▶ YOUR ASSIGNMENT
Scan the entries for the word "present", and copy every line where it appears.

Excerpts from a dataset
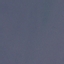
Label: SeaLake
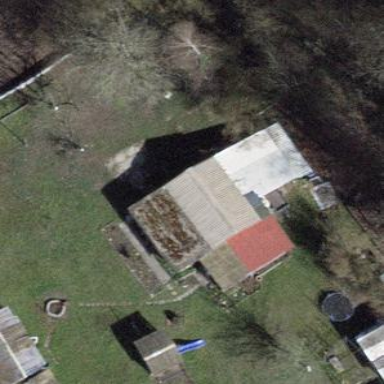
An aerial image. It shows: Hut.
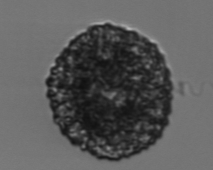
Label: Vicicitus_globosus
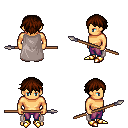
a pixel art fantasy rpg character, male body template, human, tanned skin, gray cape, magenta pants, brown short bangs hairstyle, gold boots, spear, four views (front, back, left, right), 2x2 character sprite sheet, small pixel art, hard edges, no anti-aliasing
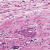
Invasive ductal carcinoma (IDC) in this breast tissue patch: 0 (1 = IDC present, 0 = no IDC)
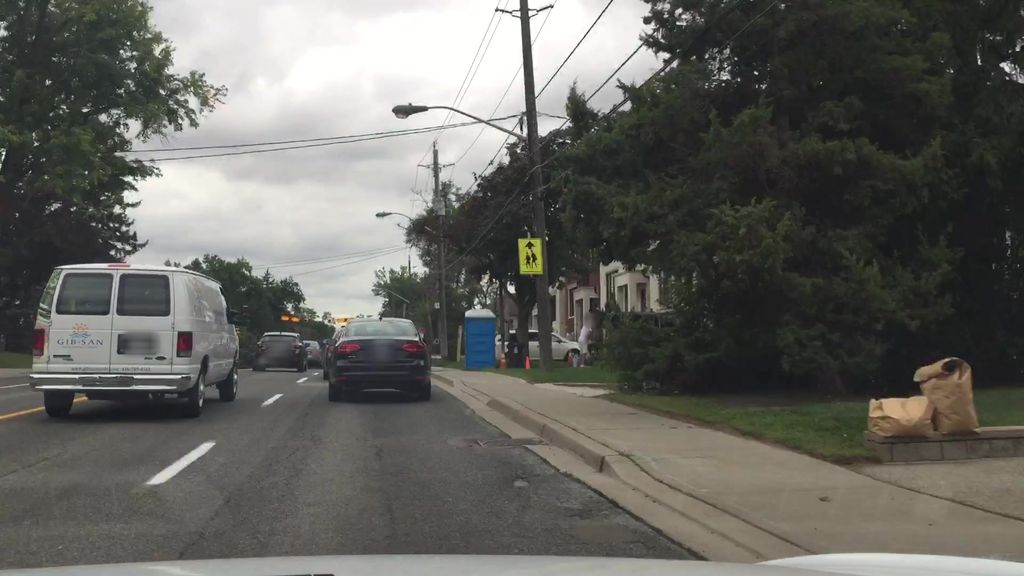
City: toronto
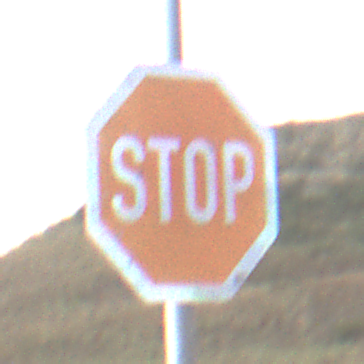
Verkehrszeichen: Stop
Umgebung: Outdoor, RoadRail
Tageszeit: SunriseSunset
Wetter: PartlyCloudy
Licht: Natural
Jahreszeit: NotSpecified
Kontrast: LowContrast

* * *

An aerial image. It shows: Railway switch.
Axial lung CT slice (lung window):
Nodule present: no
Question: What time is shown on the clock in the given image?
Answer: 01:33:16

---

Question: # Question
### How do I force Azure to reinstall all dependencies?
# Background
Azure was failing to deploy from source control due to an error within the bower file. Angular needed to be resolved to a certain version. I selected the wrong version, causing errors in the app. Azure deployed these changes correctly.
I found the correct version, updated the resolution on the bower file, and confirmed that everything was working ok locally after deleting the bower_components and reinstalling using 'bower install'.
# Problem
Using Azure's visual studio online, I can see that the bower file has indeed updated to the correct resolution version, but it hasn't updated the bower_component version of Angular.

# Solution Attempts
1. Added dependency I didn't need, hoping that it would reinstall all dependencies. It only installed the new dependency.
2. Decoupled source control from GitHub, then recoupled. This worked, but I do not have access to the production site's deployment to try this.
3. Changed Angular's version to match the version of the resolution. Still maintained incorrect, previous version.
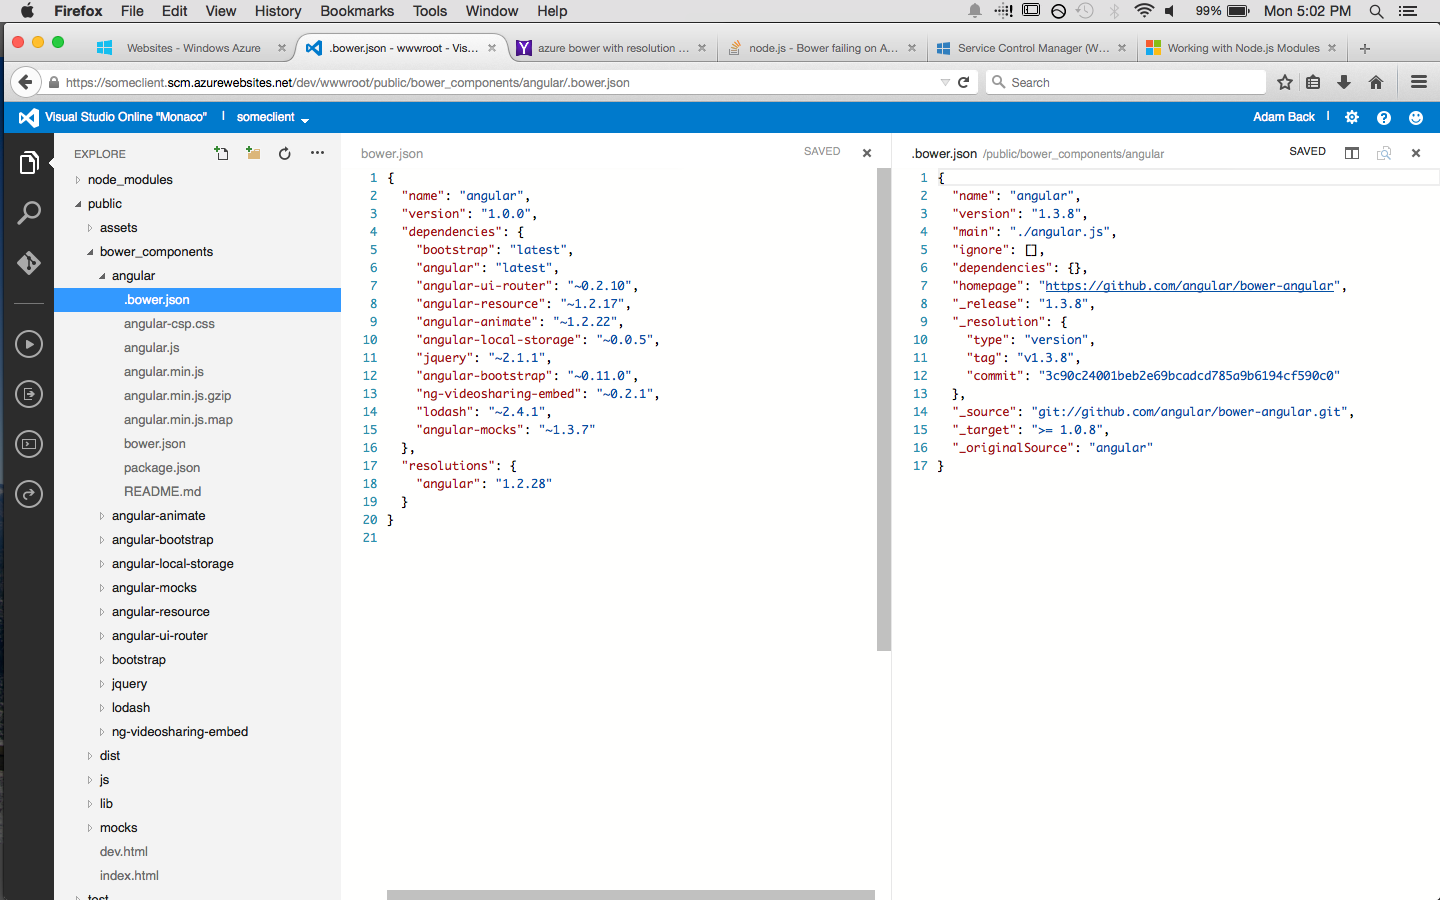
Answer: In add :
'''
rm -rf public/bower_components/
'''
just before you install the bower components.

▶ EXERCISE RESPONSE
Invasive ductal carcinoma (IDC) in this breast tissue patch: 0 (1 = IDC present, 0 = no IDC)
Nodule present: no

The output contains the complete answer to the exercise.